In fact, I first posted about using an iPad as an external monitor three years ago. However, I rather fell out of love with Duet Display when various changes with the Apple OS caused issues and when I also had a long undiagnosed cable/connection issue (I thought I had trouble with my MacBook ports, but as it happened it was two dodgy cables). But the developers have sorted the Mojave issues, I have sorted my cable issues, and Duet Display and my laptop are best friends again. So, by way of a public service announcement, let me spread the very good news once more (below the line, if you want to read on).


OK, the headlines are these, if you’ve not heard of Duet Display. If you have e.g. a MacBook of some description (or indeed a Windows machine), and an iPad of some kind, then Duet Display enables you to use the iPad as an additional display. It works over a USB cable (not wifi) and is nowadays extremely smooth indeed in operation: like the best Mac/iPad software, it just works, and seems generally regarded as best-in-class.

Once you’ve told Duet Display how you want to place your iPad and laptop relative to each other, you in effect acquire a small external monitor. The cursor travels seamlessly from screen to screen (and the current menubar moves with it), you can drag windows across, etc. It really does work a treat and is all now highly stable.
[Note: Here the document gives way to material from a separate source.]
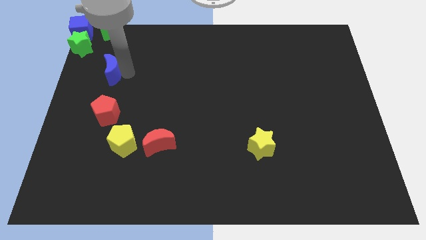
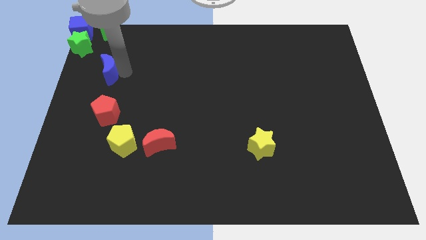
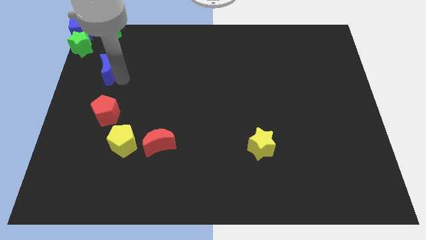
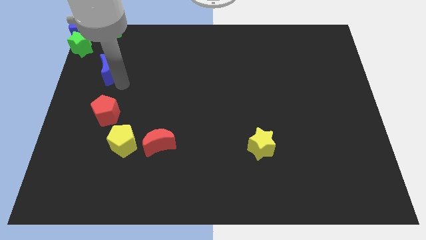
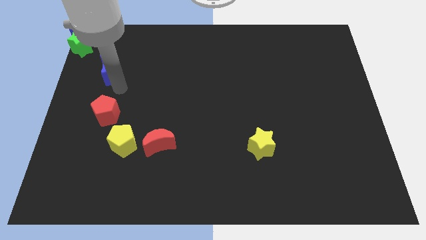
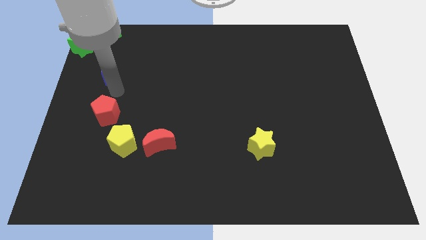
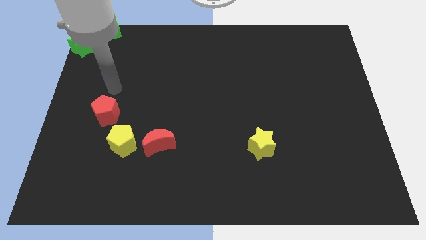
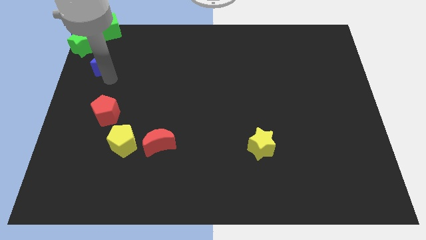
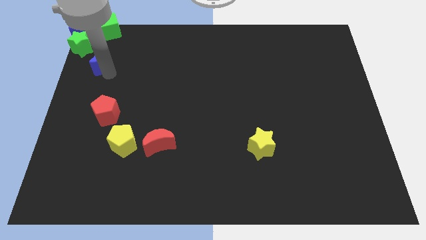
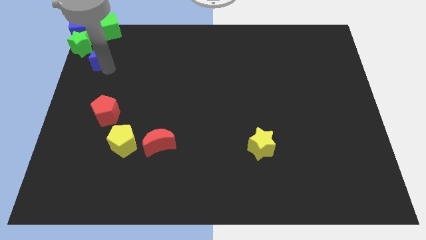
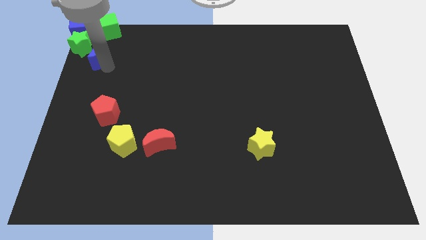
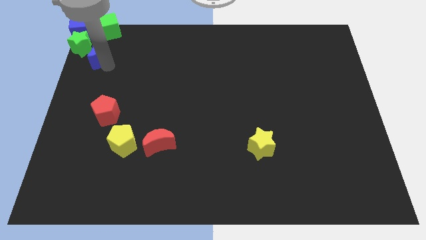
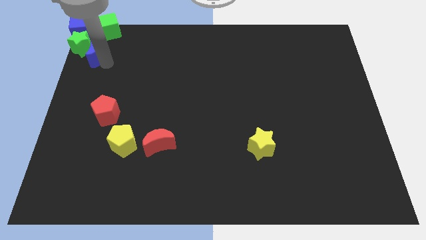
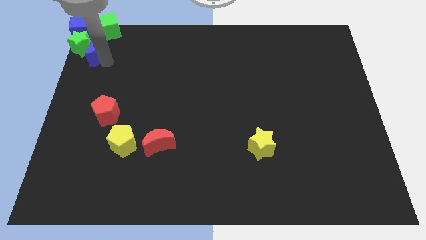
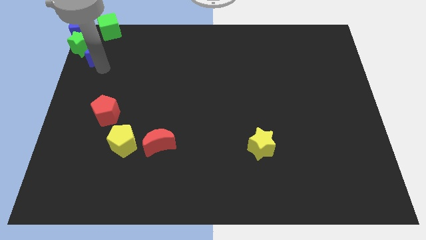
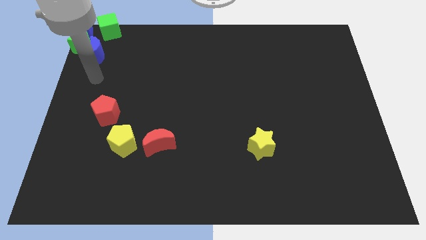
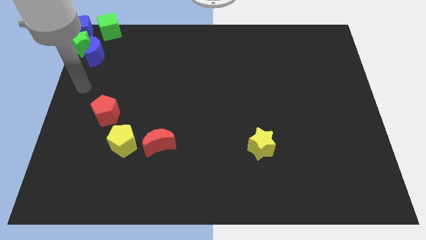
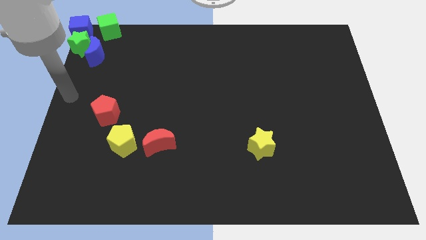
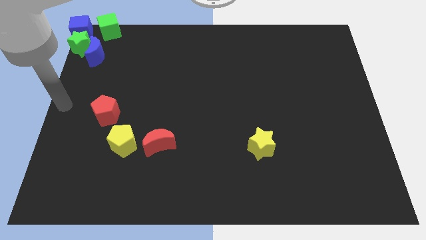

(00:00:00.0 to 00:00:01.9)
move the blue moon close to the green star

And by the way, you can hit the home button on the iPad to navigate to other open apps in the usual way, and then return to Duet Display to pick up where you left off: very clever and very neat.

OK, this won’t magically increase your “productivity” but it assuredly reduces some of the irritations of window-juggling when working on a laptop screen, without having a big external monitor cluttering your desk.
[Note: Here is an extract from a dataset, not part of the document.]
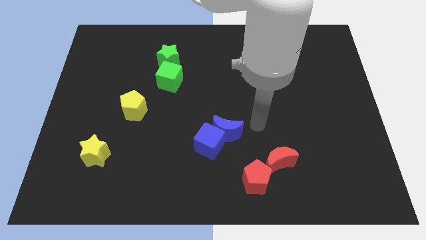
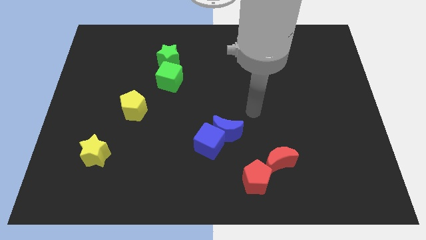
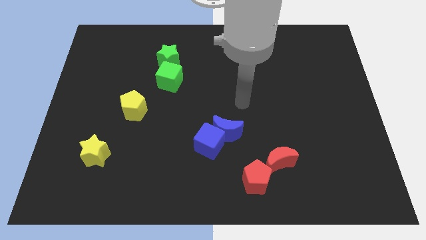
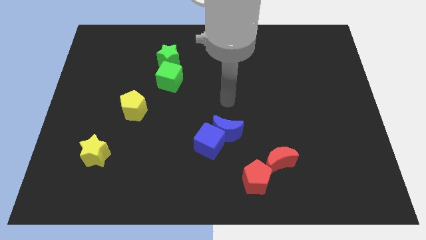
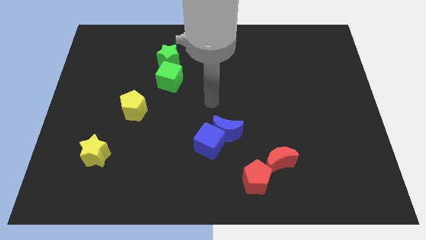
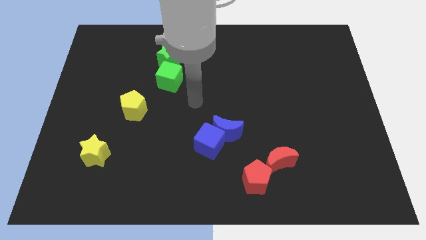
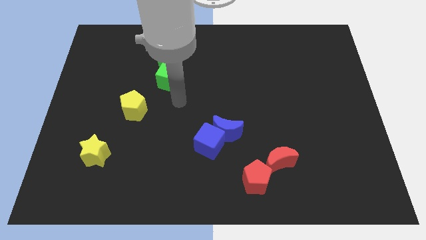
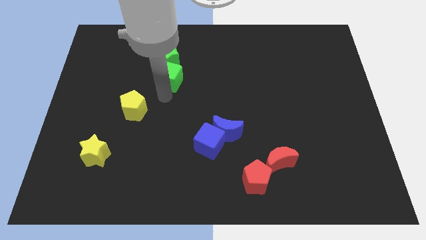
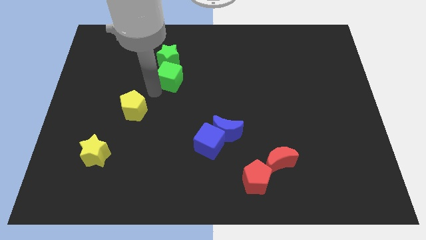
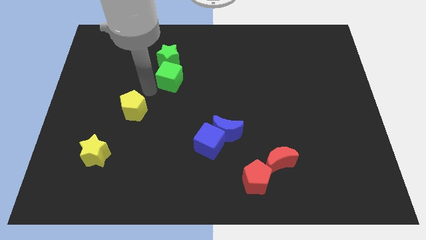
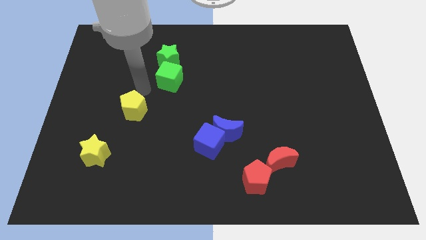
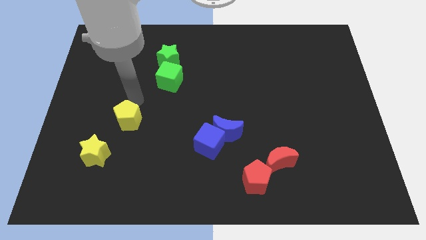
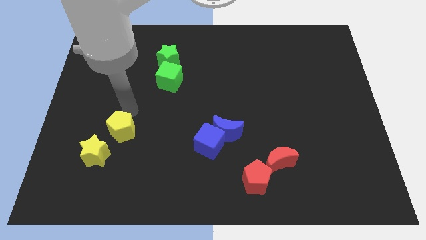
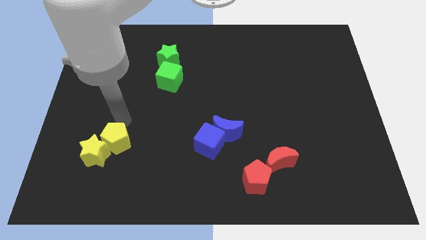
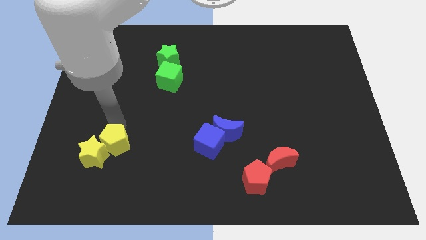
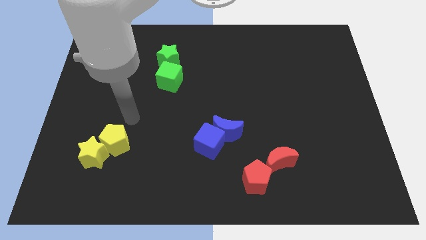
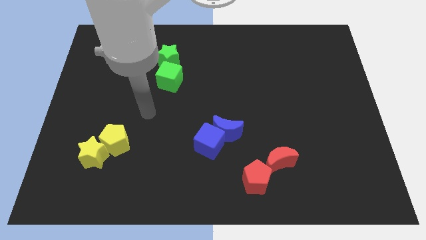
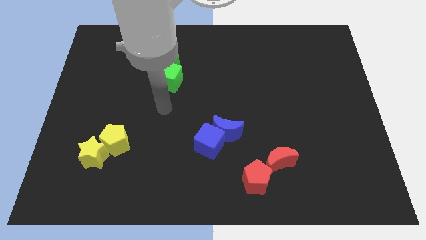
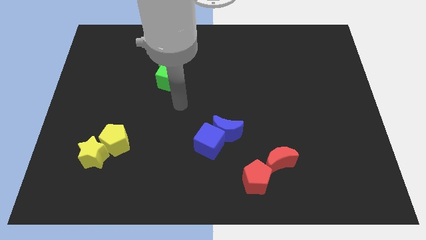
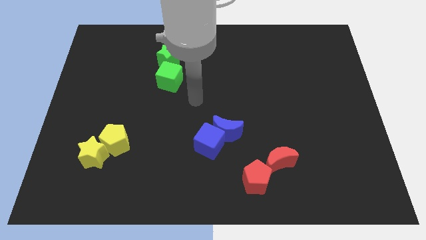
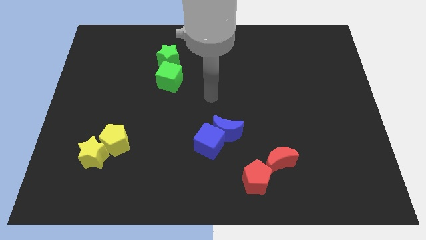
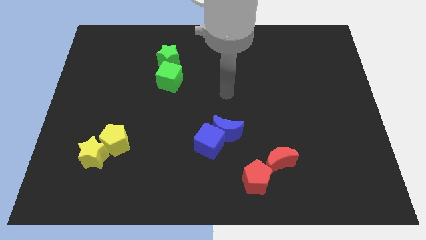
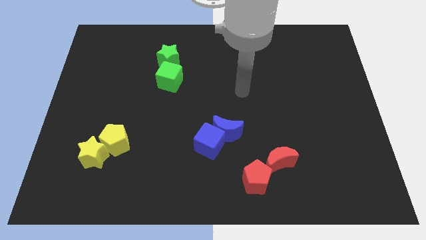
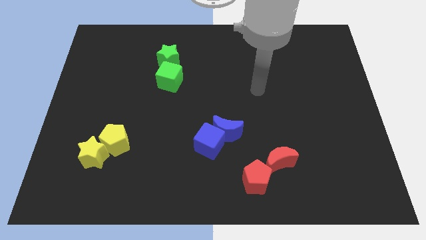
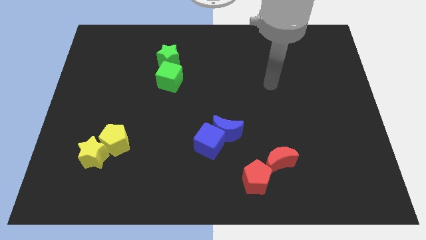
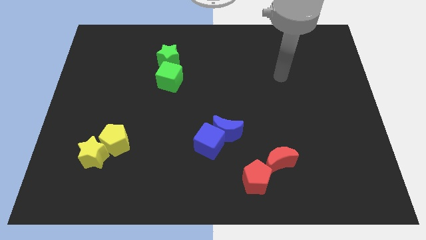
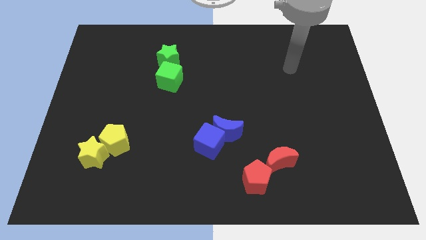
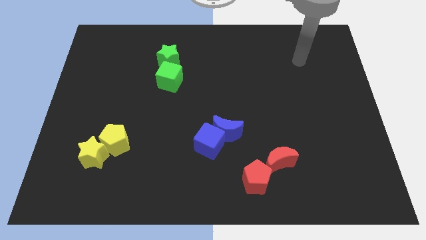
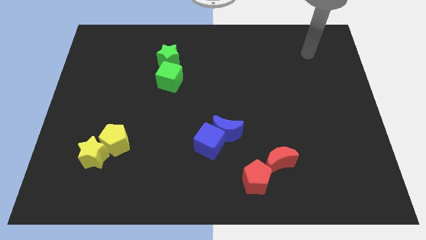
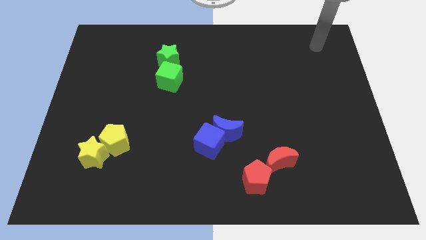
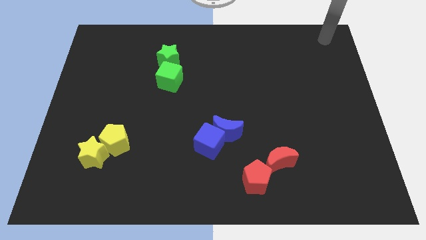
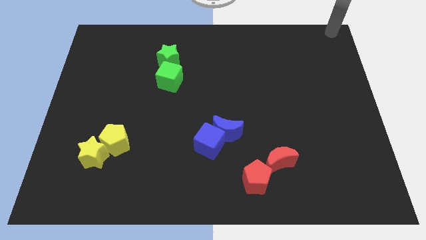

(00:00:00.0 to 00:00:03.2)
push the yellow pentagon into the yellow star

For example, as pictured above, I can have the current source code for some LaTeX chapters in a tabbed TeXShop window on the left of the 15″ MBP screen, the PDF of the book on the right of the split screen — and then, off-loaded to a standard-sized iPad, there are the TexShop console and a BibDesk window. This is terrific as a TeXShop workspace. (Of course you could put something more distracting on the secondary screen!)

So, if you don’t know it, a very warmly recommended bargain on the iPad App Store.